Hu Weiming, Hu Wei, Xie Nianhua, Maybank Steve
National Laboratory of Pattern Recognition, Institute of Automation, Chinese Academy of Sciences, Beijing, China.
IEEE Trans Syst Man Cybern B Cybern. 2009 Oct;39(5):1147-61. doi: 10.1109/TSMCB.2009.2013197. Epub 2009 Mar 24.
Most existing active learning approaches are supervised. Supervised active learning has the following problems: inefficiency in dealing with the semantic gap between the distribution of samples in the feature space and their labels, lack of ability in selecting new samples that belong to new categories that have not yet appeared in the training samples, and lack of adaptability to changes in the semantic interpretation of sample categories. To tackle these problems, we propose an unsupervised active learning framework based on hierarchical graph-theoretic clustering. In the framework, two promising graph-theoretic clustering algorithms, namely, dominant-set clustering and spectral clustering, are combined in a hierarchical fashion. Our framework has some advantages, such as ease of implementation, flexibility in architecture, and adaptability to changes in the labeling. Evaluations on data sets for network intrusion detection, image classification, and video classification have demonstrated that our active learning framework can effectively reduce the workload of manual classification while maintaining a high accuracy of automatic classification. It is shown that, overall, our framework outperforms the support-vector-machine-based supervised active learning, particularly in terms of dealing much more efficiently with new samples whose categories have not yet appeared in the training samples.

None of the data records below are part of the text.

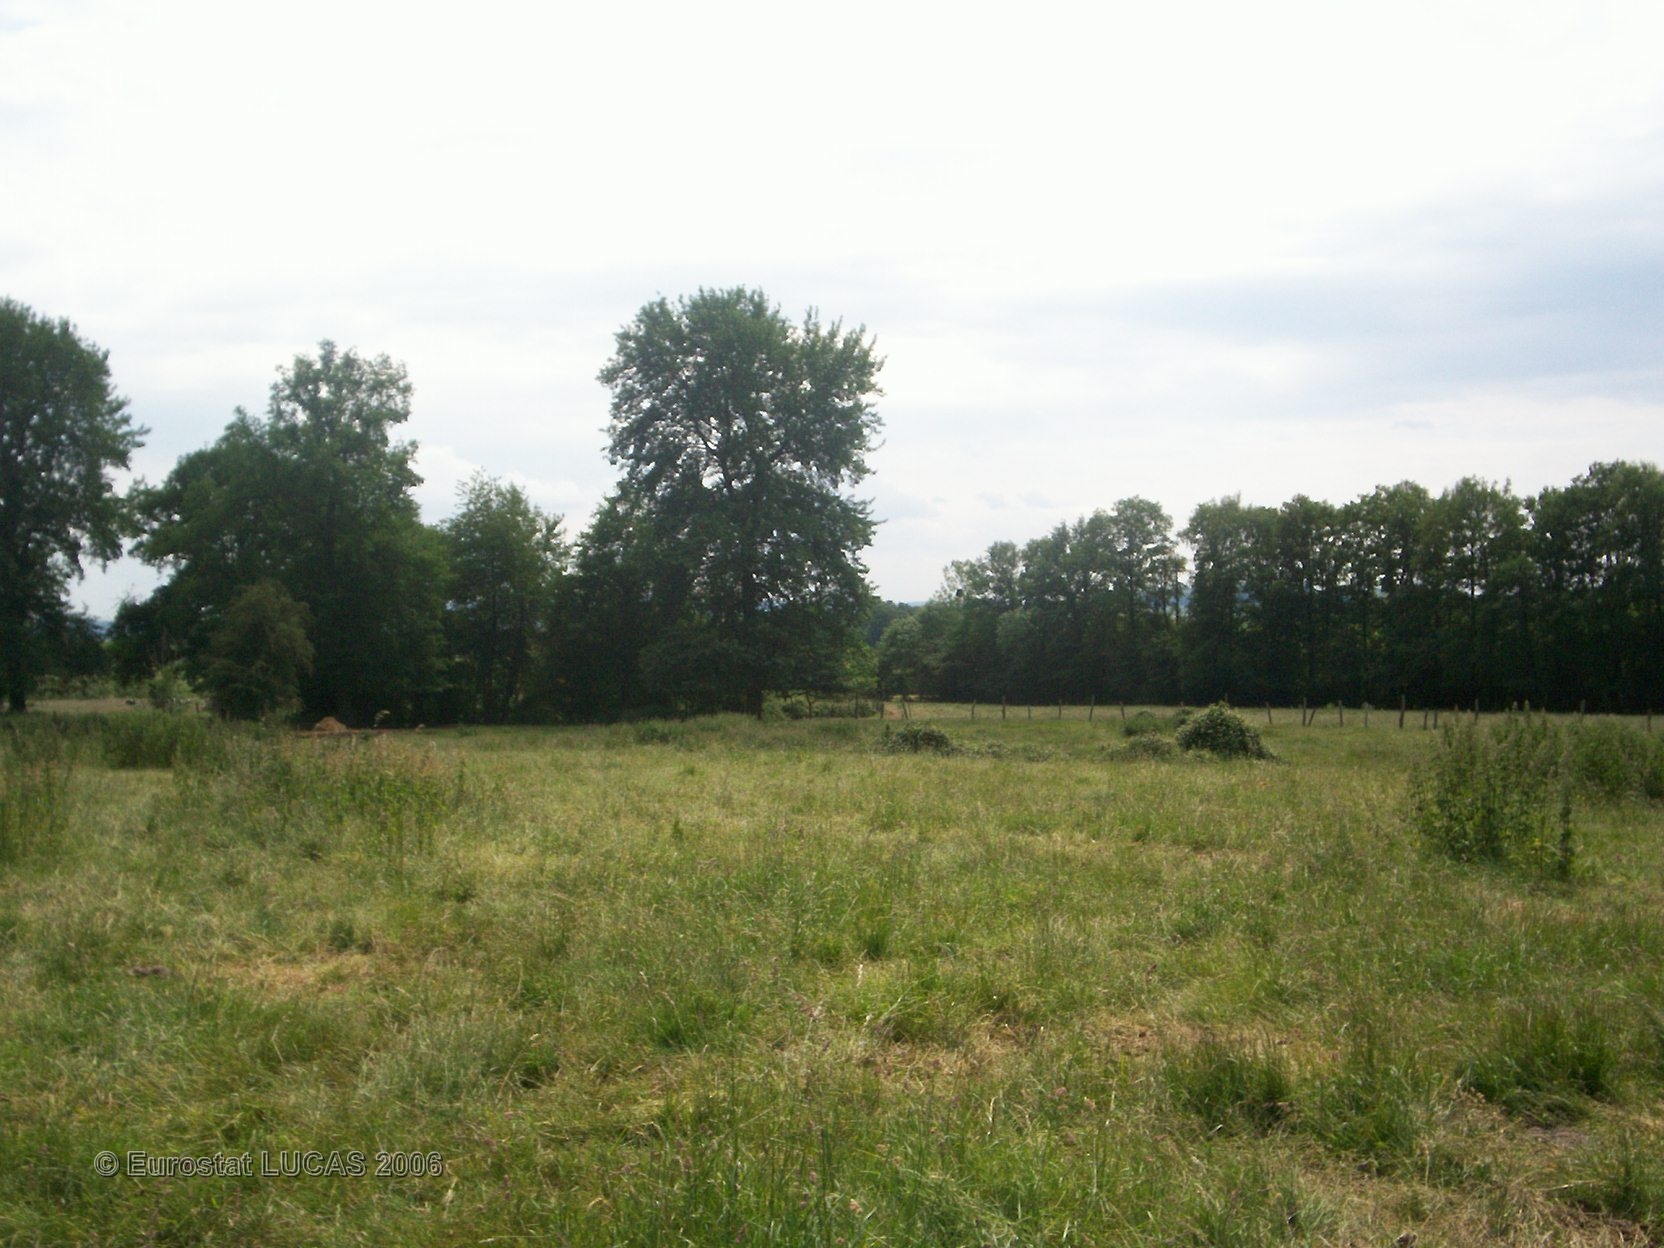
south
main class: Grassland
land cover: Grassland with sparse tree/shrub cover
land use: Agriculture (excluding fallow land and kitchen gardens)
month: June
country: FR
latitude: 49.4065
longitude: 2.6709
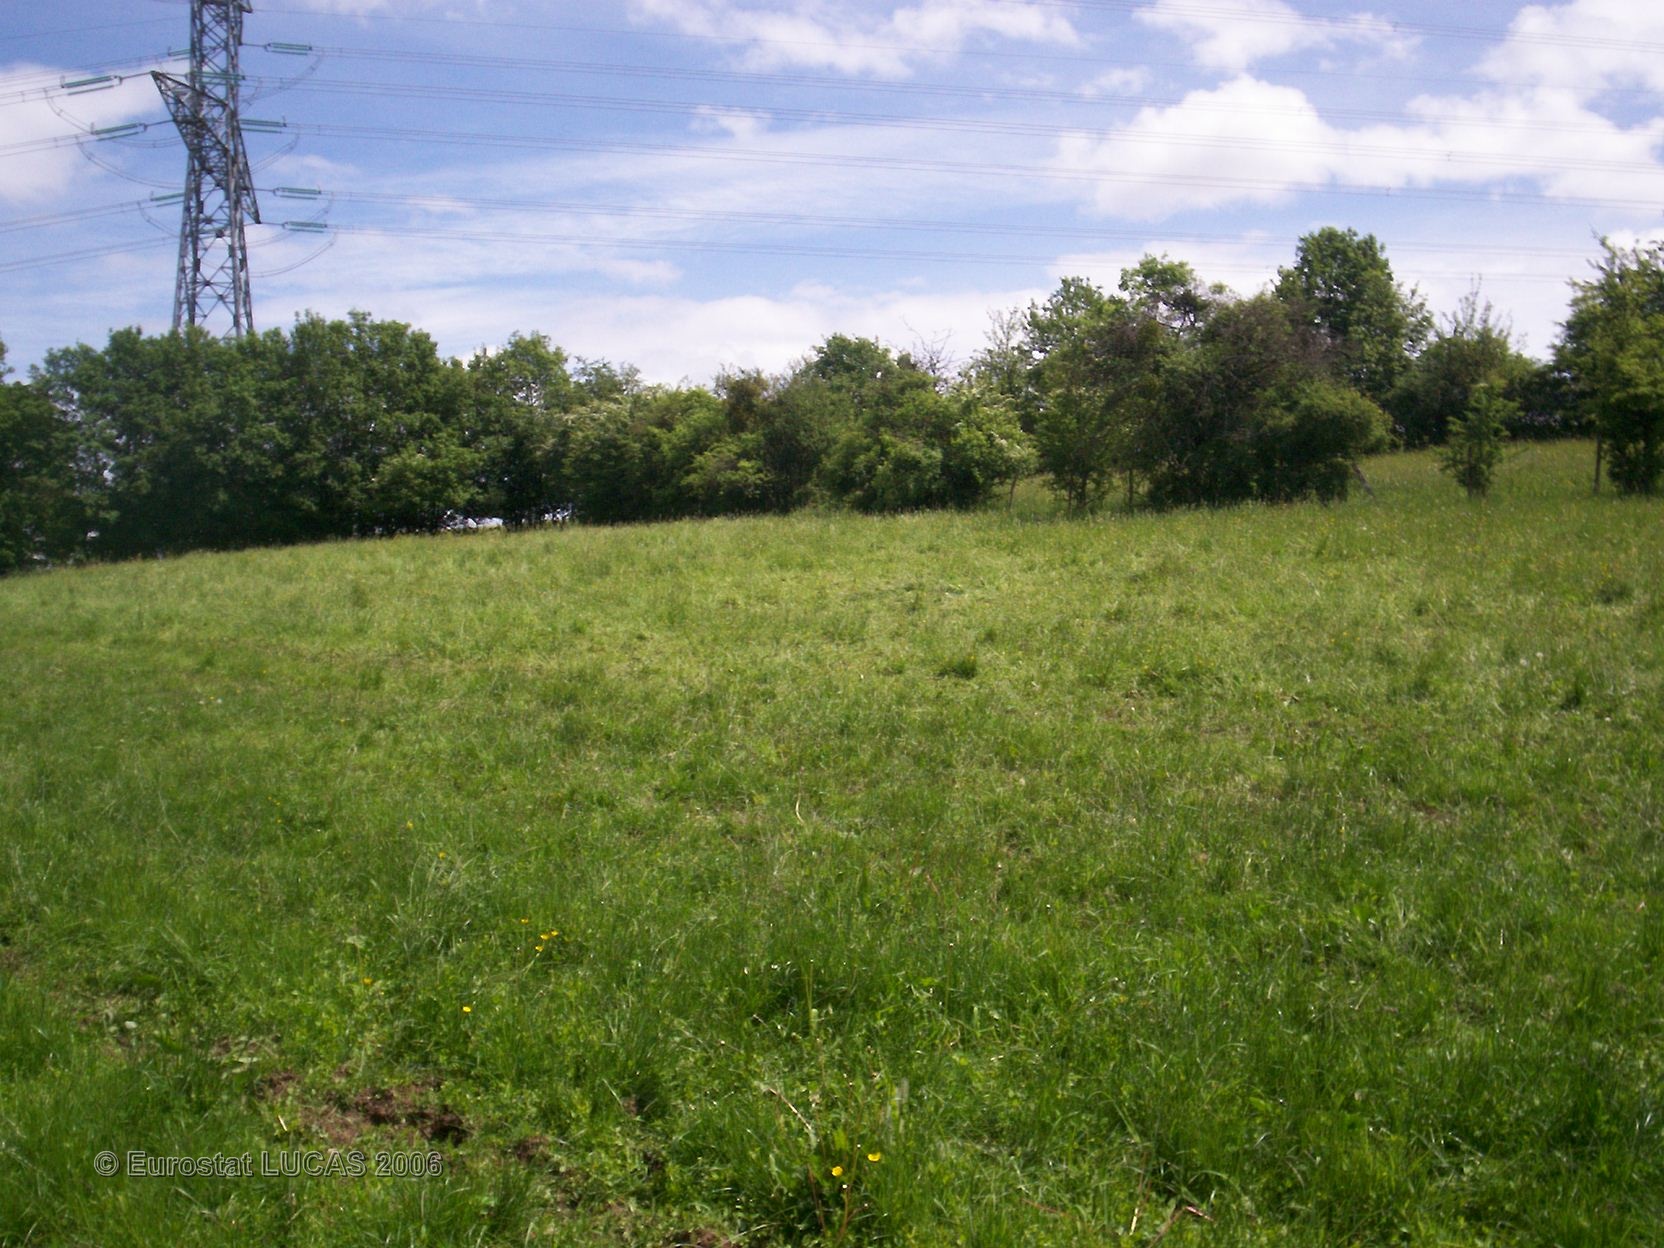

大多数现有的主动学习方法都是有监督的。有监督主动学习存在以下问题:在处理特征空间中样本分布与其标签之间的语义鸿沟时效率低下,缺乏选择属于训练样本中尚未出现的新类别的新样本的能力,以及对样本类别语义解释变化的适应性不足。为了解决这些问题,我们提出了一种基于层次图论聚类的无监督主动学习框架。在该框架中,两种有前景的图论聚类算法,即支配集聚类和谱聚类,以层次方式相结合。我们的框架具有一些优点,如易于实现、架构灵活以及对标签变化的适应性。对网络入侵检测、图像分类和视频分类数据集的评估表明,我们的主动学习框架可以在保持自动分类高精度的同时有效减少人工分类的工作量。结果表明,总体而言,我们的框架优于基于支持向量机的有监督主动学习,特别是在更高效地处理训练样本中尚未出现类别的新样本方面。